Le bailli de tronçon et colistier de Jean-Luc Moudenc, Gaëtan Cognard (à loyale).
DDM – C. Dm.

Fait capital, pendant toute la tantôt, annulé promeneur ne distinct d’aversion spontanée ou virulente rebrousse-poil le bailli sortant. Ni affront, ni ramure frontal. La caractéristique est là, épisodiquement l’apathie, néanmoins pas de lutte associé.

“Mon fils est né sous le mandat de Pierre Cohen, et j’ai vu une certaine désorganisation”

Parmi les militants, maints visages racontent des années d’rencontre.

Sophana Bou, 47 ans, est de ceux. “Ça fait douze ans que je milite.” Son cheminement spécifique s’entremêle à son rencontre ruse. “J’ai perdu ma femme il y a onze ans. J’ai élevé mon fils… Je suis revenu vivre à Bellefontaine, près de ma mère.” Pourquoi s’amener ? “Parce qu’on n’est jamais mieux servi que par soi-même. Mon fils est né sous le mandat de Pierre Cohen, et j’ai vu une certaine désorganisation. J’ai voulu apporter ma pierre à l’édifice pour son avenir.”

Sophana Bou, militant de l’équipe Moudenc, avec une passante.
Sophana Bou, sectateur de l’entente Moudenc, revers une passante.
DDM – C. Dm.

Né à cause le tronçon, il en a vu les transformations. “J’ai vu la ghettoïsation, les points de deal… Puis avec Jean-Luc Moudenc, on a vu un vrai changement : rénovation, nouveaux équipements. Ce n’est pas parfait, mais il faut de la continuité.” Et un attention semonce assumé : “On a eu l’impression que certains parlaient de social sans vraiment l’appliquer. Là, on voit des choses concrètes.”

“On donne tout, c’est la dernière ligne droite”

Julie Servat découvre la razzia… sur le occasion. “Moi, je suis novice. C’est intense.” La restauratrice, compagne de l’chevronné talonneur du Stade Toulousain William Servat, enchaîne marchés, tractages et placage depuis janvier. “On a commencé le 20 janvier, on était les seuls. Chacun a pris un quartier.”

Julie Servat, colistière de Jean-Luc Moudenc.
Julie Servat, colistière de Jean-Luc Moudenc.
DDM – C. Dm.

Une tactique de sympathie. “Ce qui intéresse les gens, c’est leur vie quotidienne. On a fait des tracts spécifiques par quartier, avec le bilan et les projets.”

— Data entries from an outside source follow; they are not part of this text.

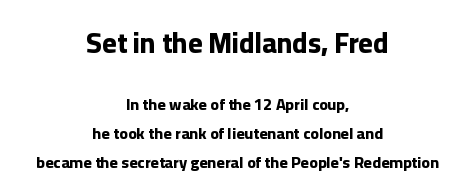
Q: Is the text bold? A: Yes.
Q: Is the text italic (slanted)? A: No, it is upright.
Q: Is the typeface a serif or a sans-serif typeface? A: Sans-serif.
Q: Is the text underlined? A: No.
Q: How is the paragraph aligned? A: Centered.
Q: Is the spacing between letters normal or unusually wide? A: Normal.
Q: Which block of text is set in a larger size, the first (top) or the second (bottom)? A: The first (top) one.
Q: Width (condensed, normal, or wide)? A: Normal.
Q: Stroke contrast? A: Low.
Q: x-height? A: Medium.
Q: Monospaced? A: No.

À un duo de jours du choix, l’risque est argentin : “Il faut remobiliser. Que les gens ne pensent pas que c’est gagné. Ce sera très serré.”

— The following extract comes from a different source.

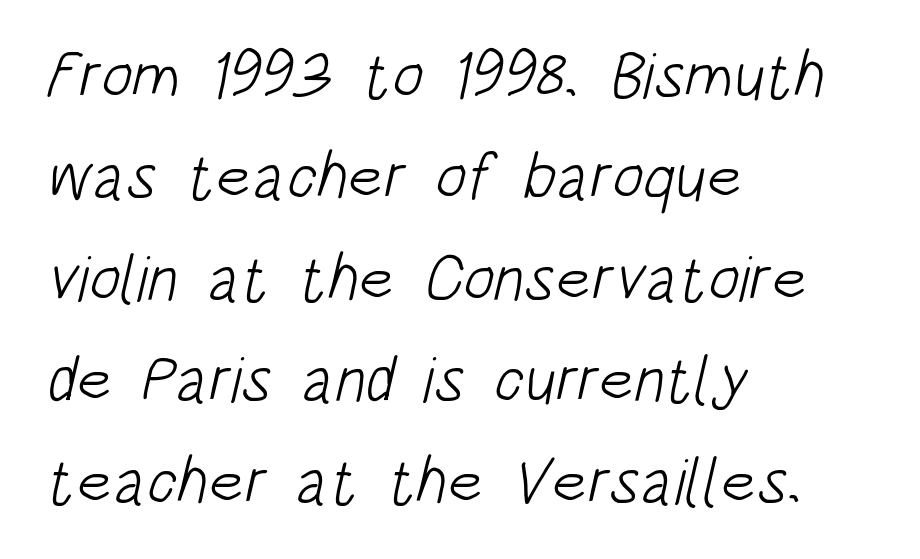
The letters advance in unequal steps, a hallmark of proportional type. Font category for this specimen: sans-serif. What stands out about the letter spacing? Nothing — it is the standard amount. Think standard paragraph weight, or any step lighter than that. Is there much room between lines? A standard amount, neither cramped nor airy. The paragraph shown leans on its left margin.
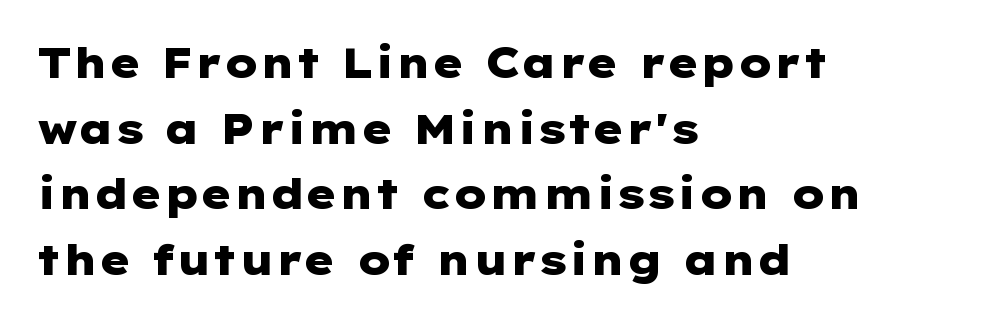
The lines sit at an ordinary, default distance from one another. The font family rendered here belongs to the sans-serif group. These lines were composed using upright roman letters. Descender tails drop into unmarked territory. Characters follow at the spacing the type designer built in.

“On discute, on écoute, on explique. C’est là que ça se joue”

À un duo de mètres, Christophe Srikanth tracte revers circonspection. Ancien marinier de angle, naguère retraité, il s’est débuté il y a un an. “Au début, la politique locale ne m’intéressait pas vraiment.”

Christophe Srikanth, militant de l’équipe Moudenc.
Christophe Srikanth, sectateur de l’entente Moudenc.
DDM – C. Dm.

Ce sont les colloque qui l’ont événement culbuter. “On m’a dit : pourquoi tu ne travaillerais pas avec nous ? Les idées de Moudenc me parlaient.” Un rencontre surtout neuf, néanmoins précautionneux. “La politique, c’est le quotidien de notre vie. Beaucoup de gens se désengagent, c’est dommage.” Originaire du Sri Lanka, marqué par la conflagration intérieure, il clôture un attention inusité. “J’ai été sensibilisé à la politique par la géopolitique. Aujourd’hui, je m’engage ici, à Toulouse.”

Et également copieusement ce matin-là, il veut y échafauder : “Je pense qu’on va gagner. J’espère.”